## Materials provided
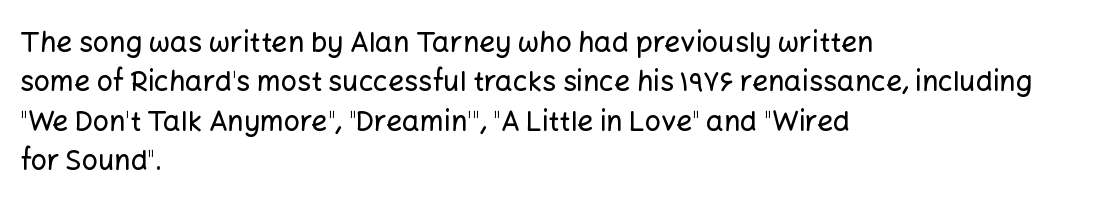
Q: Is the text italic (slanted)? A: No, it is upright.
Q: Is the typeface a serif or a sans-serif typeface? A: Sans-serif.
Q: Is the text underlined? A: No.
Q: How is the paragraph aligned? A: Left-aligned.
Q: Is the spacing between letters normal or unusually wide? A: Normal.
Q: Is the spacing between lines tight, normal or loose? A: Normal.
Q: Width (condensed, normal, or wide)? A: Normal.
Q: Stroke contrast? A: Low.
Q: x-height? A: Medium.
Q: Monospaced? A: No.
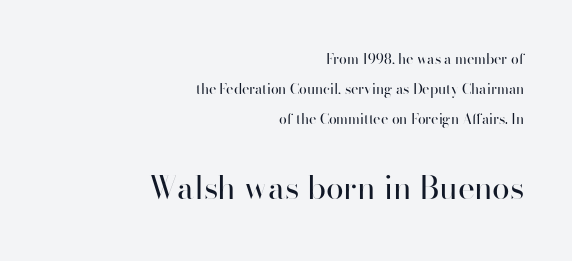
Q: Is the text bold? A: No.
Q: Is the text italic (slanted)? A: No, it is upright.
Q: Is the typeface a serif or a sans-serif typeface? A: Sans-serif.
Q: Is the text underlined? A: No.
Q: How is the paragraph aligned? A: Right-aligned.
Q: Is the spacing between letters normal or unusually wide? A: Normal.
Q: Is the spacing between lines tight, normal or loose? A: Loose.
Q: Which block of text is set in a larger size, the first (top) or the second (bottom)? A: The second (bottom) one.
Q: Width (condensed, normal, or wide)? A: Normal.
Q: Stroke contrast? A: High.
Q: x-height? A: Small.
Q: Monospaced? A: No.
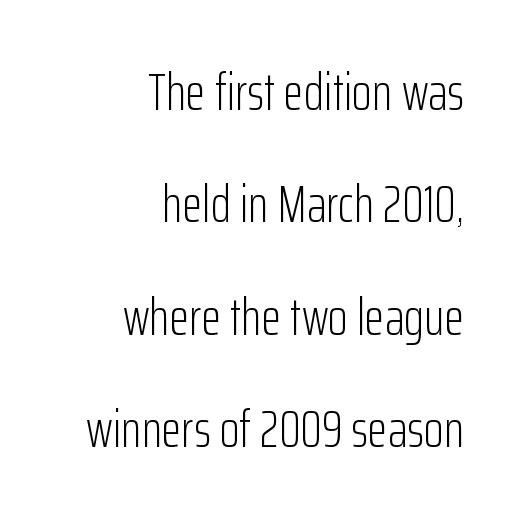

## What to work on
Report every line of the data above that contains the string "Stroke" by copying it in full.

## Response box
Q: Stroke contrast? A: Low.
Q: Stroke contrast? A: High.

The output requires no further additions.